2022-04-04T17:13:47.271Z


At the Baltimore Museum of Art, security officials designed an exhibition. Here one of them talks about the lonely work of being a museum guard - and why he understands that the job can be insane.


Enlarge image

»Waiting an Answer« is the name of this picture by Winslow Homer, and it was chosen by a guard because he could identify with the subject: waiting

Photo: MHood;

Photography BMA / The Baltimore Museum of Art

"Change of perspective" is a word that museums like to use to appear contemporary.

But the Baltimore Museum of Art took this really seriously with the exhibition Guarding the Art and let those who normally guard the art design a show: the security officers.
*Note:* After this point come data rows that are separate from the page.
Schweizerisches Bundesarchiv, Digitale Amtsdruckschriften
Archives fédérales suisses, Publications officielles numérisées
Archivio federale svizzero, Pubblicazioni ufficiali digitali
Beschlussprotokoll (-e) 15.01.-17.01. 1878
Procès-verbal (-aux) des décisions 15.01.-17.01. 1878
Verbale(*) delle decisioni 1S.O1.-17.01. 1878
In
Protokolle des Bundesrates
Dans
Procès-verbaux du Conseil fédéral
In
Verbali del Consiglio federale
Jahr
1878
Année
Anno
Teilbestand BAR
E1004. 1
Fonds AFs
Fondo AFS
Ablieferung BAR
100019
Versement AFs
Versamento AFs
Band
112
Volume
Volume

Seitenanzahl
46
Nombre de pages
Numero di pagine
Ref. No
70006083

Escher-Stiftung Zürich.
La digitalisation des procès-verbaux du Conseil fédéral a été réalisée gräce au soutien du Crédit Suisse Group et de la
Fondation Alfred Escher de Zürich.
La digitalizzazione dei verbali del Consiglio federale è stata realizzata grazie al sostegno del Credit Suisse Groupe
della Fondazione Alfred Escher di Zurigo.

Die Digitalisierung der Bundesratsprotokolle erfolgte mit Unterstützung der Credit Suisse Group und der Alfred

What do you get when you turn museum guards into curators?

questions to one of them.

SPIEGEL:

Mr. Dicken, you worked as a museum guard for several years to finance your studies and had quite a bit of time to deal with the museum's holdings.

Which artwork did you choose for the exhibition?

Alex Dicken

: I wanted to show something that is usually forgotten and has been in the basement for a long time.
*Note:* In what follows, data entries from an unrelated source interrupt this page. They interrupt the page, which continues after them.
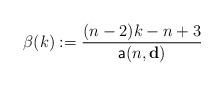
LaTeX: \begin{align*}\beta(k):=\frac{(n-2)k-n+3}{\mathsf{a}(n,\mathbf{d})}\end{align*}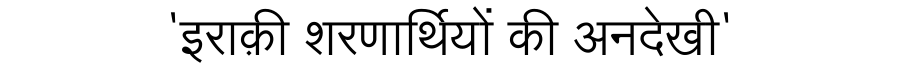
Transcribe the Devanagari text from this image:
'इराक़ी शरणार्थियों की अनदेखी'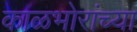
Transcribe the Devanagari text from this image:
काळभोरांच्या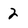
Character: 2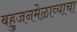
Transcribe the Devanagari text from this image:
बहुजनमेळाव्याचा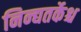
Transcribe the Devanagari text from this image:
निन्द्यतर्केश्च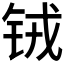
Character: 𮸄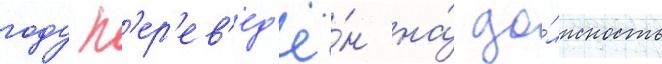
году п'ер'ев'ед'ё́н на́ до́лжность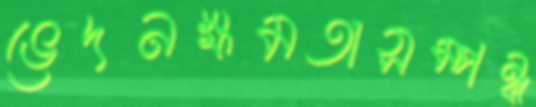
ভেদনক্ষমতাসম্পন্ন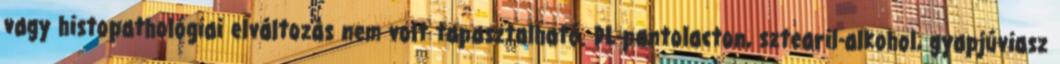
vagy histopathológiai elváltozás nem volt tapasztalható. DL-pantolacton, sztearil-alkohol, gyapjúviasz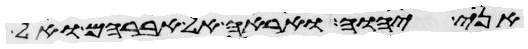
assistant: אני יהוה ואראה אל אברהם ואל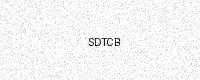
Text: SDTCB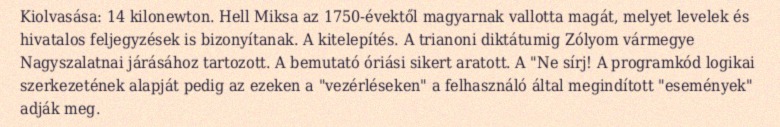
Kiolvasása: 14 kilonewton. Hell Miksa az 1750-évektől magyarnak vallotta magát, melyet levelek és hivatalos feljegyzések is bizonyítanak. A kitelepítés. A trianoni diktátumig Zólyom vármegye Nagyszalatnai járásához tartozott. A bemutató óriási sikert aratott. A "Ne sírj! A programkód logikai szerkezetének alapját pedig az ezeken a "vezérléseken" a felhasználó által megindított "események" adják meg.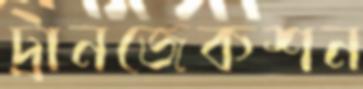
ট্রানজেকশন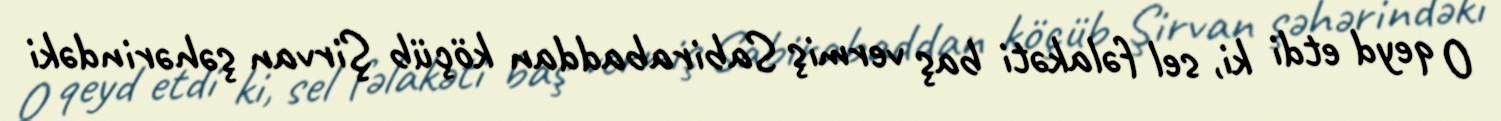
O qeyd etdi ki, sel fəlakəti baş vermiş Sabirabaddan köçüb Şirvan şəhərindəki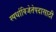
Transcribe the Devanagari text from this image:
स्पर्धाविजेतेपदासाठी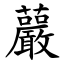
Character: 䕾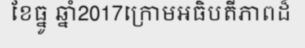
ខែធ្នូ ឆ្នាំ2017ក្រោមអធិបតីភាពដ៏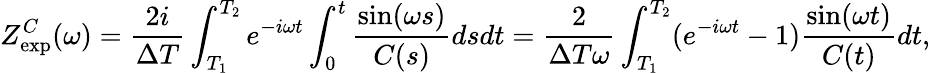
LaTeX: Z_{\mathrm{exp}}^{C}(\omega)=\frac{2i}{\Delta T}\int_{T_{1}}^{T_{2}}e^{-i\omega t}\int_{0}^{t}\frac{\sin(\omega s)}{C(s)}dsdt=\frac{2}{\Delta T\omega}\int_{T_{1}}^{T_{2}}(e^{-i\omega t}-1)\frac{\sin(\omega t)}{C(t)}dt,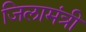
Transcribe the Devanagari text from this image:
जिलामंत्री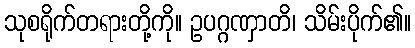
သုစရိုက်တရားတို့ကို။ ဥပဂ္ဂဏှာတိ၊ သိမ်းပိုက်၏။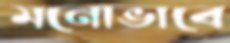
মনোভাবে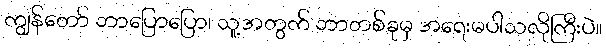
ကျွန်တော် ဘာပြောပြော၊ သူ့အတွက် ဘာတစ်ခုမှ အရေးမပါသလိုကြီးပဲ။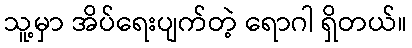
သူ့မှာ အိပ်ရေးပျက်တဲ့ ရောဂါ ရှိတယ်။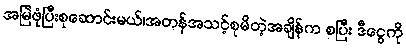
အမြဲဖုံပြီးစုဆောင်းမယ်၊အတန်အသင့်စုမိတဲ့အချိန်က စပြီး ဒီငွေကို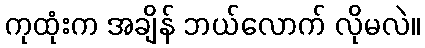
ကုထုံးက အချိန် ဘယ်လောက် လိုမလဲ။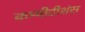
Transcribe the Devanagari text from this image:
कम्पीटीशंस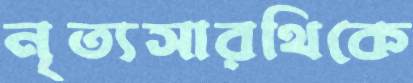
নৃত্যসারথিকে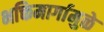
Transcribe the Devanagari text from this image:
भक्तिमार्गामुळे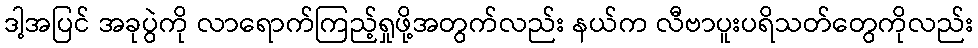
ဒါ့အပြင် အခုပွဲကို လာရောက်ကြည့်ရှုဖို့အတွက်လည်း နယ်က လီဗာပူးပရိသတ်တွေကိုလည်း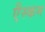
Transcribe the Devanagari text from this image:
एैस्कम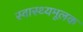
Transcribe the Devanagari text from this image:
स्वास्थ्यमूलक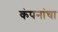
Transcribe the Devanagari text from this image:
कंपनांचा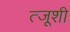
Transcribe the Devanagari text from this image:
त्जूशी

So I went to the depot and looked around for days.

I then chose a painting by Max Ernst, »Earthquake, Late Afternoon«.

It was created in Sedona, Arizona, a few years after Max Ernst came to the United States during World War II and was granted asylum there.

We have a few paintings by Ernst, the German surrealist painter, but I've never seen this one on display.

I don't think the museum has shown it for over ten years.

The curators like to forget that and only show the best-known pieces.

SPIEGEL:

And your colleagues?

Thicknesses:

Some have interpreted it politically.

A Puerto Rican colleague went to the depot and wanted to select a work from Puerto Rico.

There was none.

So he left a white apprenticeship, that was his contribution.

Others have chosen art that they have seen many times and therefore have developed a special relationship with it.

One has taken Bassano's Entry of the Animals into the Ark, a large, very detailed painting from the 16th century.

He used to play "I see something you don't see" with children who were bored in the museum.

Another chose »50 Dozen«, a chair made out of pencils.

He said that once he was on duty in the room this chair was in and spent hours, days, weeks thinking about how comfortable it would be

if he could just sit on it.

We're not allowed to sit down on duty.

Of course, »50 Dozen« would have collapsed if it had been done.

SPIEGEL:

In February of this year, a Russian museum guard made the headlines.

On his first day at work, he simply painted a painting that he was supposed to be guarding.

The faces in the picture didn't have eyes, and he didn't think that was right.

Dicken:

Of course we read that too, I still remember how we talked about it and wondered what made him do it.

He must have been incredibly bored.

Maybe he was forbidden to talk to the visitors?

Ultimately, however, we came to the conclusion that he probably wasn't the right guy for the job.

Personally, I've never had the impulse to do anything like this.

But of course it can be very boring sometimes.

Then you have to keep yourself busy.

MIRROR:

How?

Dicken:

I like it when visitors talk to me.

A lot of people think they shouldn't do that.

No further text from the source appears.